Using httpie instead of curl so I can remember the flags.
The power of find -exec to run commands on a lot of specific files. The nice part is you can run it without exec first to see if you have the right set of files.
If you do a loop you can echo -e “$somevar\r” and then each write will overwrite the previous line so you screen doesn’t fill up but you do get a feel for the progress (to make it nice you need to pad with spaces, google for echo carriage return to learn more)
Some great power tips here, especially love the pv + grep combo for big files.
> using pv (pipeviewer) instead of cat to get a progress bar when grepping huge files.
How does this work?
This seems to be a nice introduction:
https://www.geeksforgeeks.org/linux-unix/pv-command-in-linux...
I'm curious about your use of `pv` with `cat` and `grep` on large files.
Find's -exec option is great when you need to automate removing old backups
Daily, and with enough general usability to share? I have a few. They are basic. You can probably figure out what industry I work in.
https://explainshell.com/That’s an impressive collection. Definitely not basic! Love how practical these are for real-world ops work, especially the MySQL .ibd optimizer loop and swap memory check.
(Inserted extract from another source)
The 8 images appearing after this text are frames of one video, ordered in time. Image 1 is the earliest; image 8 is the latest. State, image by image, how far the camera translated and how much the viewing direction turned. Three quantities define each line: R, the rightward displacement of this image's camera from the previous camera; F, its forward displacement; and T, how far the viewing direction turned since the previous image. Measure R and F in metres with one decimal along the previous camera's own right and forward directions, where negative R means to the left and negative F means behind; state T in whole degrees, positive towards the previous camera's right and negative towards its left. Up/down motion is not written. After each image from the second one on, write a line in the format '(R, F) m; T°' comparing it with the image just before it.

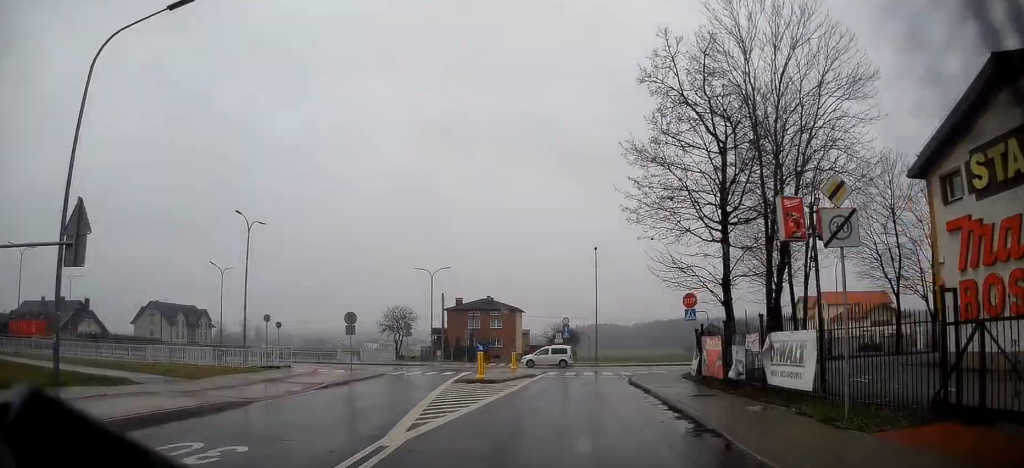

Some kinda shared hosting?
yes, on the high end of things :)
Defined this in whatever init script the shell uses so that I get a long listing of files (first alias below) and long listing of files sorted from oldest to newest (second alias below):
alias ll=“ls -l”
alias lln=“ls -lrt”
Apart from this, I have a few aliases defined to get the size of specific folders and their subfolders (using ‘du -h’ for human readable sizes). The aliases are named like “duh”, “dut” and so on.
1) Whenever building anything;
<make/build script> 2>&1 | tee build.log | grep <whatever>
2) Do everything within GNU Screen window with CTRL-A + Shift-H to log all output to logfile i.e. "screenlog.<window num>".
Both lifesavers when working with multiple systems and codebases.
3) Always use "set -o vi" with bash so that i can use vi/vim keybindings across everything.
> GNU Screen window with CTRL-A + Shift-H to log all output to logfile
tmux users can use it's `capture-pane` command, either before or after the fact if history is set big enough. There are several helpful flags worth researching.
e.g. `tmux capture-pane -pS - > ~/tmux.log` in a shell to save the history of that pane, or just `prefix+: capture-pane ...` from within tmux
Not really a shell one liner, but ctrl+r (a readline command to do an incremental search backwards through history) is something that has been present on every shell I've used for decades without realising it, One day I decided to take the time to read all the magic readline commands because I wanted a way to quickly edit the N-th argument of a command with lots of arguments, and there were way too many of them. There were so many commands that I had no hope of remembering them all, but I figured I could just remember a few useful ones - and ctrl+r was one of them (ctrl+w and alt+b were the other two)
More to the letter of the question, I use "cd -" frequently, "ps -e | grep some_process_i_would_like_the_pid_for", and while I don't use it frequently, I didn't know about "ssh-copy-id" for a long time, and would do it manually with a text editor in the past. Sorry if they are not sufficiently fancy - but for things to get used day to day for me, they will need to be short and sweet.
No need to be fancy. These are super practical! ctrl+r is a lifesaver once it clicks, and cd - is such a small thing that makes moving around so much smoother.
I also same here. Has since I discovered Ctrl+R, and equipped it with fzf (https://github.com/junegunn/fzf), every terminal command is in my hand, I can fuzzy search and not need to remember the exact command. This really saved me a lot of times.
`cd -` is great for when you just want to nip out of your current directory for a second and then come straight back - especially as I'm pretty sure that most of us never think about pushd/popd until after we've moved to the other directory with cd :)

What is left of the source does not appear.